Por momentos, Purple Rain es una especie de ejercicio autobiográfico. "Quizás soy demasiado demandante / Quizás soy como mi padre, demasiado bruto / Quizás sos como mi madre, siempre insatisfecha / ¿Por qué nos gritamos? / Así suenan las palomas cuando lloran", canta en ese primer single, y la película es bastante explícita en ese sentido. Pero en Prince nada es tan lineal, y es probable que su historia familiar, y sus sentimientos con respecto al modo en que era visto en la industria -el genio incomprendido, el condenado al fracaso por sus ideas radicales- fueran solo un hilo del que tirar para llegar a lo que verdaderamente le interesaba. Más allá de sus cuestiones religiosas, Mr. Nelson tenía un solo dios, y era la música. Era el único lugar donde todo funcionaba, donde nada escapaba a su control.

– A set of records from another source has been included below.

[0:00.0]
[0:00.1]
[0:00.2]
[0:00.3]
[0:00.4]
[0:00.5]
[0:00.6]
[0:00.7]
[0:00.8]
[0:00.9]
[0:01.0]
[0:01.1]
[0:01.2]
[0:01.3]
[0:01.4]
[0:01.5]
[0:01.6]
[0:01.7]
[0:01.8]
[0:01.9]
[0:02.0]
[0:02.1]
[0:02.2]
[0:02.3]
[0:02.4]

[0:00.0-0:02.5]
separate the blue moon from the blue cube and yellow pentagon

De allí sus manías y sus taras, su imposibilidad de comunicarse adecuadamente con el resto del universo: su célebre escandalete en River 1991, cuando se retiró del escenario a los 77 minutos, también se originó en eso. Si el público no sintonizaba como creía que debía frente a lo que llegaba del escenario, diluía su interés, lo daba por perdido.
Ese nivel de obsesión se traduce en Purple Rain, y en las obras maestras que llegarían inmediatamente después. Porque hay que recordar que este fue el disco comercialmente más exitoso (al día de hoy araña los 30 millones de copias vendidas), pero es también el inicio de una cadena de oro que incluye en solo cuatro años a Around the World in a Day, Parade y el monumental doble Sign 'O' the Times, que vendió menos pero tuvo una influencia artística planetaria mayor. Y aun después habría tiempo para otras joyas como Graffiti Bridge -también doble- y Diamonds and Pearls, y todavía más.

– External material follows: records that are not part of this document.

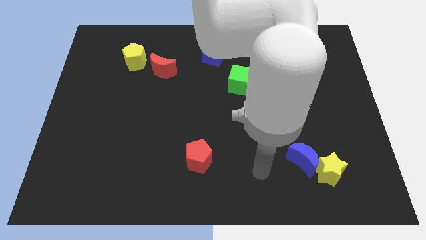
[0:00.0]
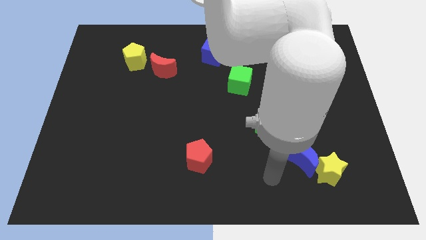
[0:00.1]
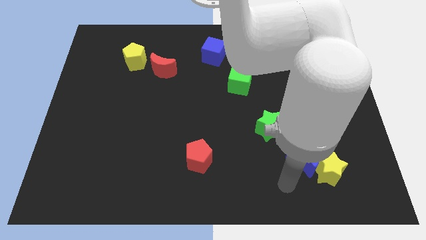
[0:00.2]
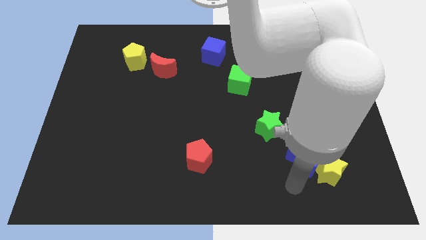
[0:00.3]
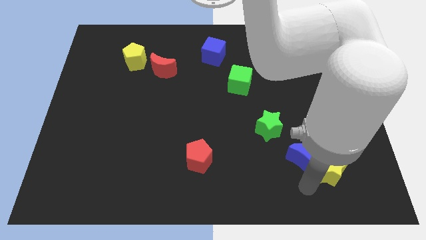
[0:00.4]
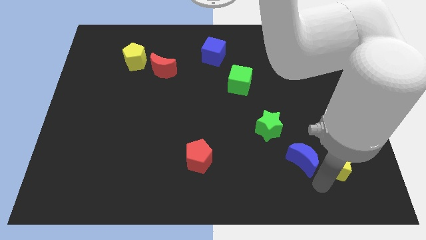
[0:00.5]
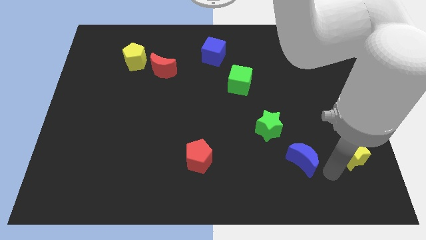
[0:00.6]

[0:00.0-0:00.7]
separate the blue moon from the yellow star

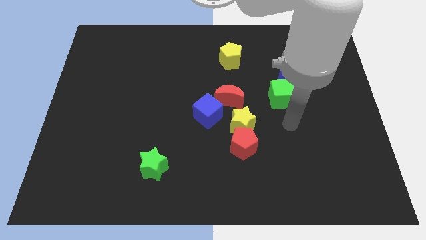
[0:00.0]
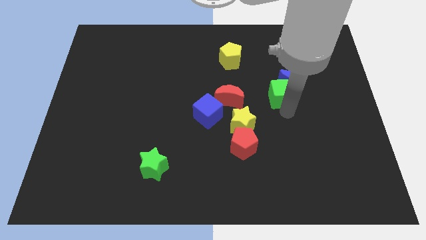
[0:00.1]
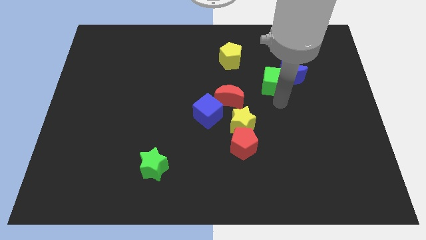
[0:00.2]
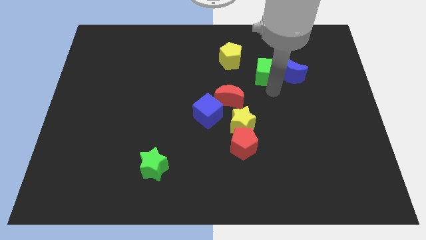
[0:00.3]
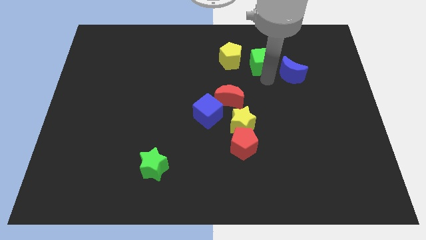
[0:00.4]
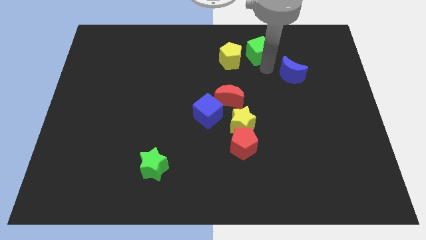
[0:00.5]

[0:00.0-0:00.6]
separate the blue moon from the green cube

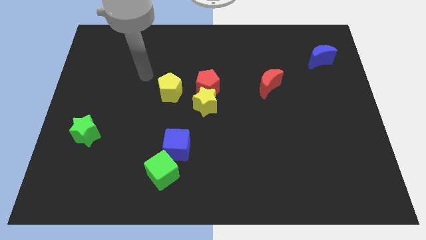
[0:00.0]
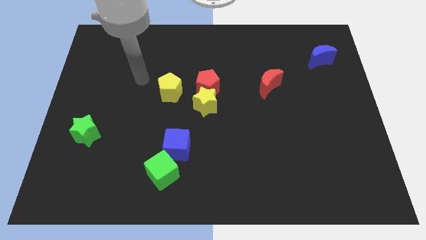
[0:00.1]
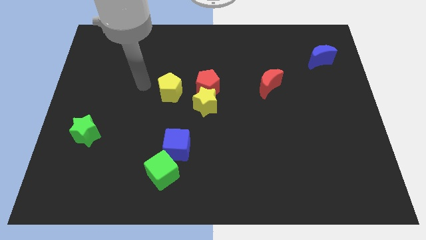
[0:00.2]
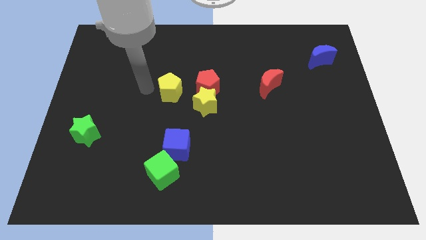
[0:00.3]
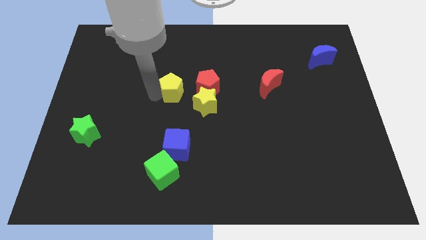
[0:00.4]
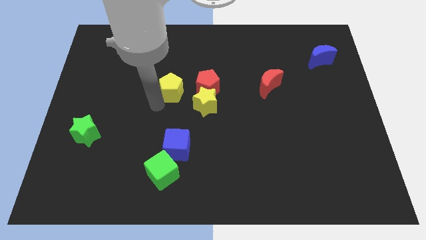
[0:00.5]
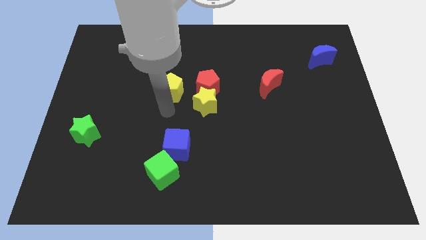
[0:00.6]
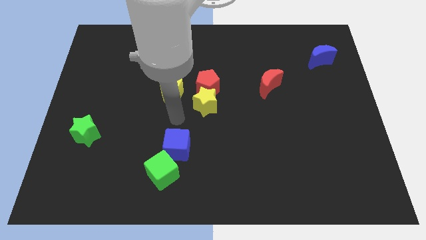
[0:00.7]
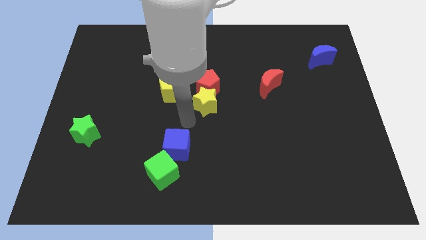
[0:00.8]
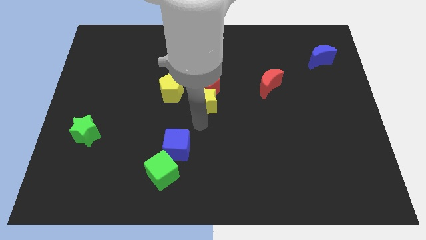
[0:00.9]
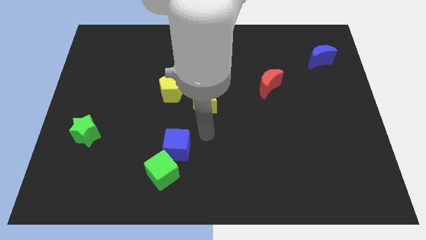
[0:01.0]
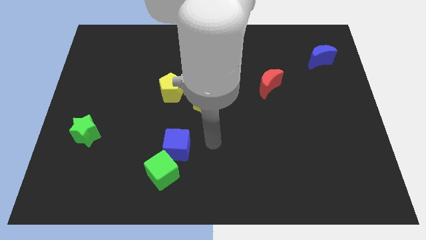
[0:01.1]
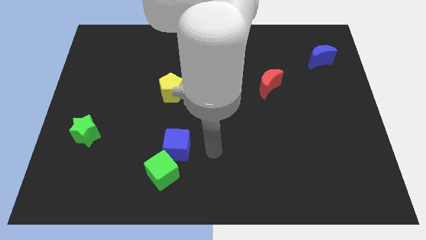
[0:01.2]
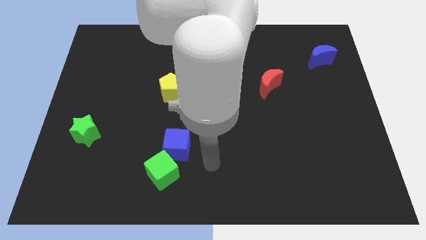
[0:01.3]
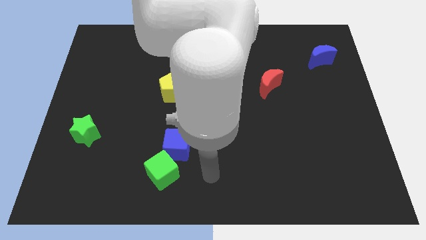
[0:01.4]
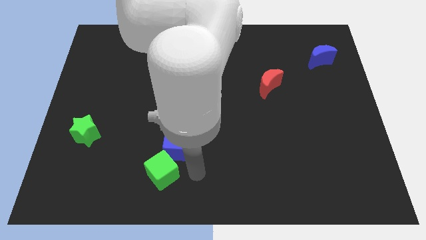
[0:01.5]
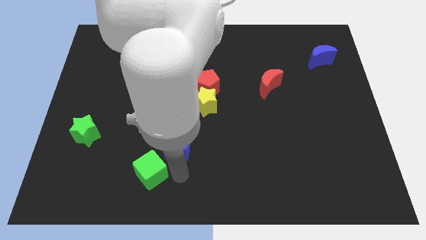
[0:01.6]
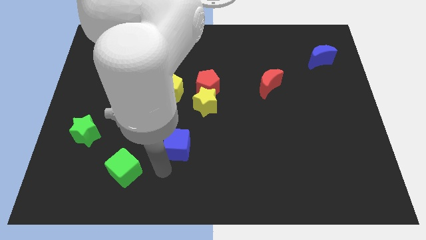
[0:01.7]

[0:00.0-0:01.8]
move the blue cube away from the green cube

En Purple Rain son solo nueve canciones, de la fiestera apertura de "Let's Go Crazy" a su punto cúlmine que titula al disco y lo cierra allá arriba. En el medio desfilan himnos aviesos y magnéticos, marcianadas como "Computer Blue", "Take Me with U" y "I Would Die 4 U", invitaciones al baile como "Baby I'm a Star" y baladas perversas como "The Beautiful Ones" y la discutida "Darling Nikki". Pero sobre todo, lo que desfila es el Pibe Púrpura y su banda de músicos a la altura del desafío, poniendo en un cacho de plástico aquello que Julio Cortázar puso en boca de Johnny, ese otro perseguidor de lo imposible: esto lo estoy tocando mañana.